Следовало быть объективным: у Дара не хватит сил убить Дохерти. А если вдруг хватит, то никому не станет лучше. Напротив, будет красная волна, от границы до границы. Так стоит ли оно того?
Разве что ради кошек.
Но они же бросили.
Старый шатер. Кольцо охраны. Знамя.
Сегодня без зрителей: любое развлечение приедается, а уж то, которое годами длится, так и вовсе не развлечение. Тоска… оказывается, когда ненависть уходит, мир становится безвкусным.
– Ты что задумал? – Сержант почуял неладное.
– Я просто понять хочу, почему все так?
– Как?
– Не знаю.
Плохо…
Мучительно, как будто Дар только что лишился чего-то важного и теперь изнутри распадается. Он видел подобное, когда кости гниют, а мышцы вроде держатся. И человек орет от боли, но даже маковый отвар не способен ее ослабить.
Об этом он думает, принимая удары. Сегодня, как вчера… и завтра. И потом тоже.
Зачем тогда?
До повозки дока Дар добирается сам, и от мака отказывается, а док сует и сует, уговаривает.
Нет, это не док, руки другие, смуглые и с царапинами, вечно она куда-то влезет…
– Выпей, пожалуйста, легче станет.
Нельзя. И не станет.
Он лежит на берегу у костра, и жарко очень. Сдирает одеяло, пытаясь высвободиться.

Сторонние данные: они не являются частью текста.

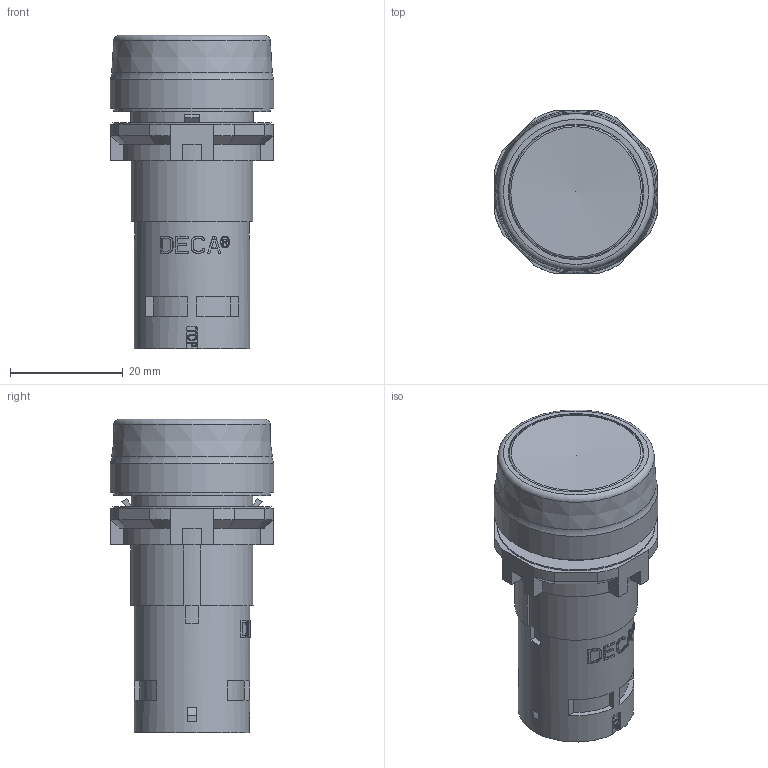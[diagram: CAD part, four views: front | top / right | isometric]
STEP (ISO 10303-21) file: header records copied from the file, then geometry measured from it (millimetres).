
FILE_DESCRIPTION( ( 'STEP AP214' ), '1' );
FILE_NAME( 'C24L-M1E01Qxx-Solid3D-20191201.stp', '2020-02-12T00:14:08', ( ' ' ), ( ' ' ), 'XStep 1.0', ' ', ' ' );
FILE_SCHEMA( ( 'CONFIG_CONTROL_DESIGN) ( )' ) );
Length unit declared in the file: metre
Products named in the file (1): 6
Bounding box: 29 x 29 x 55.5 mm (x, y, z)
Volume: 24131 mm3; surface area: 6560.5 mm2
Topology: 1 solids, 1 shells, 509 faces, 1362 edges, 903 vertices
Faces by surface type: plane 374, cylinder 81, extrusion 33, cone 11, bspline 6, torus 3, sphere 1
Full cylindrical faces by diameter (mm): 20.5 x1, 21.72 x1, 24 x1, 27.8 x1, 28 x1, 29 x1
Entity records: 20425 total; most frequent: CARTESIAN_POINT 3742, ORIENTED_EDGE 2680, DIRECTION 2483, EDGE_CURVE 1340, VERTEX_POINT 894, VECTOR 843, AXIS2_PLACEMENT_3D 820, LINE 810

– Вода, это только вода. – Меррон помогает напиться. А вода вкусная до безумия. – Тихо, Дар. Я никуда не ухожу. Я здесь. С тобой…
…а там никого не было. Палатка. Или повозка. Запах всегда один и тот же: травяно-химический. Ноющая боль во всем теле. Жажда. И голод.
Регенерация требует энергии. Еды хватает. Но в этот раз Дар отказывается. Он отворачивается к стене и лежит, пытаясь понять, почему же все именно так, как есть. Приходит док. Потом Сержант. Еще кто-то. Говорят. Уговаривают.
Чего ради?
Постепенно голод отступает. Зато спать хочется почти все время. И Дар спит. Долго… дольше, чем когда бы то ни было. Сны тоже пустые, но в них легче.
Будят. Грубо. Пинком. Плевать.
За шкирку выволакивают из палатки, наверное, все-таки убьют. Хорошо бы. Глаза у Дохерти не рыжие – красные, как уголь, но Дар может смотреть в них, не испытывая больше ни ненависти, ни желания убивать.
– Перегорел, значит. Ну и хорошо. Не все ж тебе под волной ходить.
Вот когда в голову лезут, это мерзко. Дохерти не дает себе труд скрывать свое присутствие, напротив, всегда действует грубо, точно подчеркивая этим собственную силу.
– А вот сдохнуть зря решил. Зацепиться не за что?
Перебирает воспоминания, какие-то размытые, словно чужие. В них нет ничего, чего бы Дару было жаль отдать. Отпускает не сразу, но все-таки отпускает.
– Ясно. С людьми ты не ладишь. С лошадью попробуй. Но смотри, бросишь – обоих удавлю.
Себя Дару было не жаль, а вот лошадь… он никогда не видел таких красивых, чтобы хрупкая, словно из снега вылепленная. Не поверил даже, что настоящая. Живая. Брала хлеб с руки осторожно, обнюхивала волосы, касалась мягкими губами волос, дышала, согревая собственным теплом.
Вздыхала тихонечко.
И смотрела так, будто знала про Дара то, что никто больше не знает.
Он провел рядом с ней ночь, прижимаясь к горячему боку. И вторую… и уже потом, позже, рассказывал ей обо всем. Не жаловался, просто говорил.
С кем-то надо было.
Не смеялись. И желающих отнять не было. Дар не отдал бы: свое отдавать нельзя.
Снежинка принадлежит ему. Она осталась в Ласточкином гнезде, но это лишь потому, что здесь слишком опасно. За Снежинкой присмотрят. А когда Дар найдет место, в котором сможет жить, вернут.
Ему такое место нужно, даже не для самого – для Снежинки и Меррон. Ее Дар точно не отпустит. И не позволит уйти. Это нечестно. Неправильно. Но иначе он просто сдохнет.